Other processes have been developed that use a heavy (C4-C10 typically) hydrocarbon absorbent stream to reflux the distillation column. Examples of processes of this type are U.S. Pat. Nos. 4,318,723; 5,546,764; 7,273,542; and 7,714,180. While such processes generally operate at temperatures warm enough to avoid concerns about “blue ice”, the absorbent stream is typically produced from the distillation column bottoms stream, with the result that any aromatic hydrocarbons present in the feed gas will concentrate in the distillation column. Aromatic hydrocarbons such as benzene can freeze solid at normal processing temperatures, causing frequent disruptions in the processing plant.

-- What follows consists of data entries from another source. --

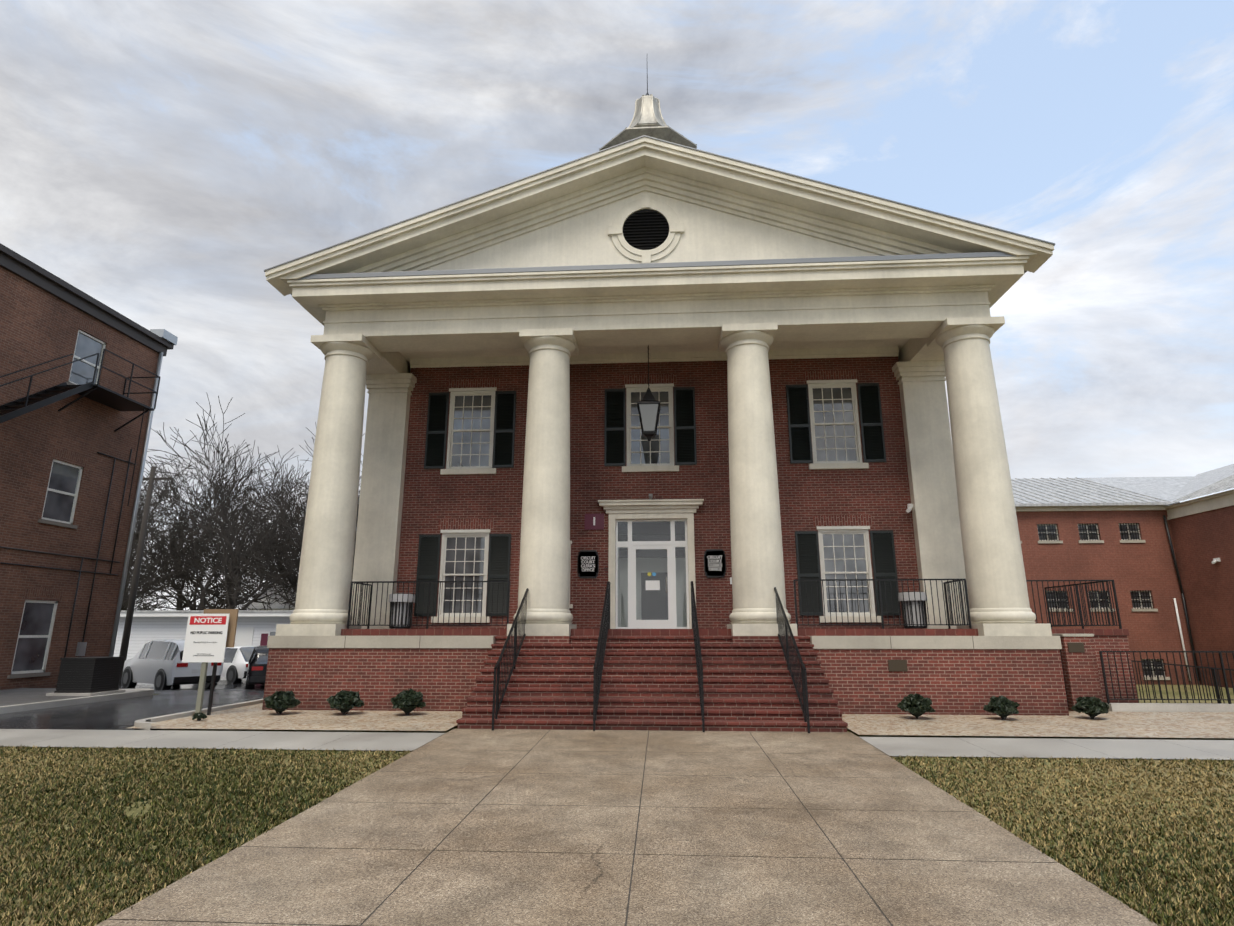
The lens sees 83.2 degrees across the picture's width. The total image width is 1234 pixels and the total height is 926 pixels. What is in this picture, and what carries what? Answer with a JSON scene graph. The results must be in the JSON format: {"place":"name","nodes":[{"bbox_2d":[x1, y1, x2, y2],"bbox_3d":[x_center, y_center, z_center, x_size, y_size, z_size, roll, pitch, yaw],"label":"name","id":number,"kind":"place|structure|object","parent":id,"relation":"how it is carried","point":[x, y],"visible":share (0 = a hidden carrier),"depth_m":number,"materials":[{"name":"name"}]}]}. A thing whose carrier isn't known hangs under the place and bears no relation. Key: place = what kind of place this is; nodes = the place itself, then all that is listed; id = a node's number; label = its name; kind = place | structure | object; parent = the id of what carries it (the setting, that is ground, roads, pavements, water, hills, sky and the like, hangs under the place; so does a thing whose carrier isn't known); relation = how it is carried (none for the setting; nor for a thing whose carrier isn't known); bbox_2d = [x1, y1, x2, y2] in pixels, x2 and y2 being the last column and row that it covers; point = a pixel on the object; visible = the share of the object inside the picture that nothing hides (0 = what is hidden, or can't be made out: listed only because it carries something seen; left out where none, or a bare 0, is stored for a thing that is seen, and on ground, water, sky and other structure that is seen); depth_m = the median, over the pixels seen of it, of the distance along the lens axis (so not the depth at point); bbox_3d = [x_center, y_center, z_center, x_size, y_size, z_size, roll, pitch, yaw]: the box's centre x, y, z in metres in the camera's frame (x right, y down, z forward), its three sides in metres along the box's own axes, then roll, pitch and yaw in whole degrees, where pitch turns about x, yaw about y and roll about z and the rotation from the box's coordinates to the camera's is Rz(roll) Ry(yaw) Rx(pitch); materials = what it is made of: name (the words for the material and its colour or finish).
{"place":"outdoors","nodes":[
{"label":"outdoors","id":0,"kind":"place"},
{"bbox_2d":[0,677,264,729],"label":"asphalt driveway","id":1,"kind":"structure","parent":0,"point":[122,714],"depth_m":14.72,"materials":[{"name":"grey asphalt"}]},
{"bbox_2d":[221,646,256,683],"bbox_3d":[-17.203,9.091,31.390,4.535,1.549,1.898,-9,-16,33],"label":"white car","id":2,"kind":"object","parent":1,"relation":"on","point":[235,664],"visible":0.48,"depth_m":30.00,"materials":[{"name":"white paint"}]},
{"bbox_2d":[0,685,1233,925],"bbox_3d":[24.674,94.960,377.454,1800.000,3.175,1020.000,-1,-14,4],"label":"lawn","id":3,"kind":"structure","parent":0,"point":[936,775],"depth_m":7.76,"materials":[{"name":"green plant"}]},
{"bbox_2d":[0,688,153,713],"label":"kerb island","id":4,"kind":"structure","parent":3,"relation":"on","point":[19,700],"depth_m":16.05,"materials":[{"name":"concrete"}]},
{"bbox_2d":[46,657,125,695],"bbox_3d":[-12.899,5.201,16.997,1.100,0.860,1.100,-1,-14,4],"label":"ac condenser","id":5,"kind":"object","parent":4,"relation":"on","point":[86,676],"visible":1,"depth_m":16.64,"materials":[{"name":"grey metal"}]},
{"bbox_2d":[0,243,173,689],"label":"brown building walls","id":6,"kind":"structure","parent":3,"relation":"on","point":[45,315],"depth_m":20.06,"materials":[{"name":"brown brick"}]},
{"bbox_2d":[7,329,105,678],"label":"windows","id":7,"kind":"structure","parent":6,"relation":"in","point":[34,639],"depth_m":19.83,"materials":[{"name":"glass"}]},
{"bbox_2d":[0,349,160,505],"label":"fire escape","id":8,"kind":"object","parent":6,"relation":"attached to","point":[97,392],"visible":1,"depth_m":19.98,"materials":[{"name":"black metal"}]},
{"bbox_2d":[0,329,177,657],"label":"pipes","id":9,"kind":"object","parent":6,"relation":"attached to","point":[166,335],"visible":0.79,"depth_m":22.10,"materials":[{"name":"black metal"}]},
{"bbox_2d":[119,466,172,677],"bbox_3d":[-23.696,5.439,34.253,2.200,10.800,0.320,-1,-14,4],"label":"utility pole","id":10,"kind":"object","parent":3,"relation":"on","point":[130,608],"visible":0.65,"depth_m":34.21,"materials":[{"name":"grey wood"}]},
{"bbox_2d":[134,699,262,729],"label":"curb","id":11,"kind":"structure","parent":3,"relation":"on","point":[143,724],"depth_m":13.09,"materials":[{"name":"concrete"}]},
{"bbox_2d":[113,610,293,659],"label":"white shop building","id":12,"kind":"structure","parent":3,"relation":"on","point":[256,628],"depth_m":40.38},
{"bbox_2d":[182,609,238,714],"bbox_3d":[-8.037,4.054,13.610,0.940,2.350,0.189,-1,-14,4],"label":"notice sign","id":13,"kind":"object","parent":3,"relation":"on","point":[227,626],"visible":0.9,"depth_m":13.66,"materials":[{"name":"white metal"}]},
{"bbox_2d":[190,631,222,633],"bbox_3d":[-8.092,3.345,13.691,0.652,0.056,0.004,-1,-14,4],"label":"sign lettering","id":14,"kind":"object","parent":13,"relation":"attached to","point":[211,632],"visible":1,"depth_m":13.69,"materials":[{"name":"black paint"}]},
{"bbox_2d":[194,618,221,622],"bbox_3d":[-8.089,3.113,13.743,0.562,0.102,0.004,-1,-14,4],"label":"sign lettering","id":15,"kind":"object","parent":13,"relation":"attached to","point":[198,621],"visible":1,"depth_m":13.74},
{"bbox_2d":[121,394,364,609],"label":"bare trees","id":16,"kind":"object","parent":3,"relation":"on","point":[186,563],"visible":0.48,"depth_m":58.61,"materials":[{"name":"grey plant"}]},
{"bbox_2d":[247,584,295,609],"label":"houses","id":17,"kind":"structure","parent":3,"relation":"on","point":[276,605],"depth_m":63.16,"materials":[{"name":"white"}]},
{"bbox_2d":[0,729,1233,759],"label":"sidewalk","id":18,"kind":"structure","parent":3,"relation":"on","point":[995,747],"depth_m":10.41,"materials":[{"name":"concrete"}]},
{"bbox_2d":[456,636,847,731],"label":"brick stairs","id":19,"kind":"structure","parent":3,"relation":"on","point":[649,683],"depth_m":12.62,"materials":[{"name":"red brick"}]},
{"bbox_2d":[347,579,971,732],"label":"iron railings","id":20,"kind":"object","parent":19,"relation":"on","point":[782,622],"visible":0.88,"depth_m":14.35,"materials":[{"name":"black metal"}]},
{"bbox_2d":[262,629,1068,715],"bbox_3d":[0.787,5.571,15.423,16.164,3.662,3.334,-1,-14,4],"label":"brick podium","id":21,"kind":"object","parent":3,"relation":"on","point":[960,672],"visible":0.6,"depth_m":14.13,"materials":[{"name":"brick"}]},
{"bbox_2d":[388,593,414,627],"bbox_3d":[-5.262,3.610,16.932,0.630,0.820,0.620,-1,-14,4],"label":"litter bin","id":22,"kind":"object","parent":21,"relation":"on","point":[403,608],"visible":0.85,"depth_m":16.74,"materials":[{"name":"grey metal"}]},
{"bbox_2d":[395,356,921,628],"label":"brick wall","id":23,"kind":"structure","parent":21,"relation":"on","point":[875,496],"depth_m":18.08,"materials":[{"name":"red brick"}]},
{"bbox_2d":[598,499,703,628],"bbox_3d":[0.870,2.535,17.505,2.700,3.220,0.350,-1,-14,4],"label":"door surround","id":24,"kind":"object","parent":23,"relation":"attached to","point":[651,509],"visible":0.81,"depth_m":17.73,"materials":[{"name":"white wood"}]},
{"bbox_2d":[615,519,689,628],"bbox_3d":[0.879,2.793,17.591,1.840,2.760,0.122,-1,-14,4],"label":"aluminium door","id":25,"kind":"structure","parent":24,"relation":"in","point":[671,566],"depth_m":17.59,"materials":[{"name":"white metal"}]},
{"bbox_2d":[645,572,659,589],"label":"door signs","id":26,"kind":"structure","parent":25,"relation":"attached to","point":[652,584],"depth_m":17.53,"materials":[{"name":"white paper"}]},
{"bbox_2d":[431,463,880,622],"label":"window sills","id":27,"kind":"structure","parent":23,"relation":"attached to","point":[675,468],"depth_m":17.78,"materials":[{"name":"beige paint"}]},
{"bbox_2d":[437,379,875,616],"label":"window frames","id":28,"kind":"structure","parent":23,"relation":"attached to","point":[668,388],"depth_m":18.13,"materials":[{"name":"white wood"}]},
{"bbox_2d":[443,388,868,612],"bbox_3d":[0.882,0.911,18.084,10.890,6.030,0.110,-1,-14,4],"label":"window glass","id":29,"kind":"object","parent":28,"relation":"in","point":[660,458],"visible":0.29,"depth_m":18.12,"materials":[{"name":"glass"}]},
{"bbox_2d":[414,383,900,615],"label":"shutters","id":30,"kind":"object","parent":23,"relation":"attached to","point":[882,541],"visible":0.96,"depth_m":18.05,"materials":[{"name":"black wood"}]},
{"bbox_2d":[350,361,968,628],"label":"pilasters","id":31,"kind":"object","parent":23,"relation":"attached to","point":[932,484],"visible":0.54,"depth_m":17.77,"materials":[{"name":"beige paint"}]},
{"bbox_2d":[577,494,912,670],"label":"wall plaques","id":32,"kind":"object","parent":23,"relation":"attached to","point":[897,665],"depth_m":17.55,"materials":[{"name":"black metal"}]},
{"bbox_2d":[581,556,595,570],"bbox_3d":[-0.733,2.561,17.628,0.382,0.379,0.004,-1,-14,4],"label":"notice board text","id":33,"kind":"object","parent":32,"relation":"attached to","point":[590,565],"visible":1,"depth_m":17.63},
{"bbox_2d":[707,556,721,570],"bbox_3d":[2.460,2.512,17.429,0.382,0.379,0.004,-1,-14,4],"label":"notice board text","id":34,"kind":"object","parent":32,"relation":"attached to","point":[717,561],"visible":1,"depth_m":17.43},
{"bbox_2d":[275,316,1051,635],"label":"portico columns","id":35,"kind":"structure","parent":21,"relation":"on","point":[998,598],"depth_m":15.22,"materials":[{"name":"beige paint"}]},
{"bbox_2d":[898,592,927,627],"bbox_3d":[6.913,3.426,16.174,0.630,0.820,0.620,-1,-14,4],"label":"litter bin","id":36,"kind":"object","parent":21,"relation":"on","point":[912,606],"visible":0.92,"depth_m":15.98,"materials":[{"name":"black metal"}]},
{"bbox_2d":[128,703,1233,737],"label":"gravel bed","id":37,"kind":"object","parent":3,"relation":"on","point":[1158,724],"visible":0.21,"depth_m":12.24,"materials":[{"name":"beige gravel"}]},
{"bbox_2d":[192,688,1109,720],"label":"shrubs","id":38,"kind":"object","parent":37,"relation":"on","point":[407,702],"visible":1,"depth_m":13.07,"materials":[{"name":"green plant"}]},
{"bbox_2d":[1051,629,1137,710],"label":"brick wall","id":39,"kind":"structure","parent":3,"relation":"on","point":[1083,674],"depth_m":14.78,"materials":[{"name":"red brick"}]},
{"bbox_2d":[1015,489,1233,687],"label":"jail walls","id":40,"kind":"structure","parent":3,"relation":"on","point":[1201,530],"depth_m":30.04,"materials":[{"name":"red brick"}]},
{"bbox_2d":[1037,523,1165,676],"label":"windows","id":41,"kind":"structure","parent":40,"relation":"in","point":[1128,531],"depth_m":30.69,"materials":[{"name":"black glass"}]},
{"bbox_2d":[1011,464,1233,506],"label":"roof","id":42,"kind":"structure","parent":40,"relation":"on","point":[1107,491],"depth_m":33.25,"materials":[{"name":"grey metal"}]},
{"bbox_2d":[1163,515,1220,680],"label":"jail pipes","id":43,"kind":"object","parent":40,"relation":"attached to","point":[1215,560],"visible":0.9,"depth_m":29.68,"materials":[{"name":"white metal"}]},
{"bbox_2d":[1026,580,1233,705],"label":"iron fence","id":44,"kind":"object","parent":3,"relation":"on","point":[1075,647],"visible":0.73,"depth_m":15.35,"materials":[{"name":"black metal"}]},
{"bbox_2d":[1108,703,1233,711],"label":"low concrete wall","id":45,"kind":"structure","parent":3,"relation":"on","point":[1163,707],"depth_m":14.05,"materials":[{"name":"concrete"}]},
{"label":"block walls","id":46,"kind":"object","parent":3,"relation":"on","visible":0},
{"bbox_2d":[287,252,1029,373],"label":"entablature","id":47,"kind":"structure","parent":46,"relation":"on","point":[916,300],"depth_m":16.00,"materials":[{"name":"beige paint"}]},
{"bbox_2d":[400,339,908,367],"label":"porch ceiling","id":48,"kind":"structure","parent":47,"relation":"attached to","point":[692,352],"depth_m":18.71,"materials":[{"name":"beige paint"}]},
{"bbox_2d":[637,345,659,440],"bbox_3d":[0.784,-1.916,17.205,0.566,2.850,0.566,-1,-14,4],"label":"hanging lantern","id":49,"kind":"object","parent":48,"relation":"hanging from","point":[648,406],"visible":0.92,"depth_m":16.81,"materials":[{"name":"black metal"}]},
{"bbox_2d":[264,135,1054,295],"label":"pediment","id":50,"kind":"structure","parent":47,"relation":"on","point":[709,206],"depth_m":16.34,"materials":[{"name":"beige paint"}]},
{"bbox_2d":[623,209,668,249],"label":"vent louvres","id":51,"kind":"object","parent":50,"relation":"attached to","point":[646,229],"visible":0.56,"depth_m":16.61,"materials":[{"name":"black metal"}]},
{"bbox_3d":[1.677,-2.320,31.645,17.660,3.170,32.470,-1,-14,4],"label":"roof","id":52,"kind":"object","parent":46,"relation":"on","visible":0},
{"bbox_2d":[599,74,696,150],"bbox_3d":[1.085,-9.750,23.934,3.306,10.450,3.306,-1,-14,4],"label":"cupola","id":53,"kind":"object","parent":52,"relation":"on","point":[647,119],"visible":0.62,"depth_m":23.31,"materials":[{"name":"metal"}]},
{"bbox_2d":[0,0,1233,609],"label":"sky","id":54,"kind":"structure","parent":0,"point":[158,157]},
{"bbox_2d":[96,729,1157,925],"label":"walkway path","id":55,"kind":"structure","parent":0,"point":[489,827],"depth_m":5.71,"materials":[{"name":"concrete"}]},
{"bbox_2d":[618,521,686,626],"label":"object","id":56,"kind":"structure","parent":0,"point":[648,603],"depth_m":25.09,"materials":[{"name":"glass"}]}
]}

In accordance with the present invention, it has been found that ethane recovery in excess of 88% can be obtained without requiring any temperatures to be lower than −112° F. [−80° C.]. The present invention is particularly advantageous when processing feed gases containing more than 10 mole % of components more volatile than methane.
In the following explanation of the above figures, tables are provided summarizing flow rates calculated for representative process conditions. In the tables appearing herein, the values for flow rates (in moles per hour) have been rounded to the nearest whole number for convenience. The total stream rates shown in the tables include all non-hydrocarbon components and hence are generally larger than the sum of the stream flow rates for the hydrocarbon components. Temperatures indicated are approximate values rounded to the nearest degree. It should also be noted that the process design calculations performed for the purpose of comparing the processes depicted in the figures are based on the assumption of no heat leak from (or to) the surroundings to (or from) the process. The quality of commercially available insulating materials makes this a very reasonable assumption and one that is typically made by those skilled in the art.
For convenience, process parameters are reported in both the traditional British units and in the units of the Système International d'Unitès (SI). The molar flow rates given in the tables may be interpreted as either pound moles per hour or kilogram moles per hour. The energy consumptions reported as horsepower (HP) and/or thousand British Thermal Units per hour (MBTU/Hr) correspond to the stated molar flow rates in pound moles per hour. The energy consumptions reported as kilowatts (kW) correspond to the stated molar flow rates in kilogram moles per hour.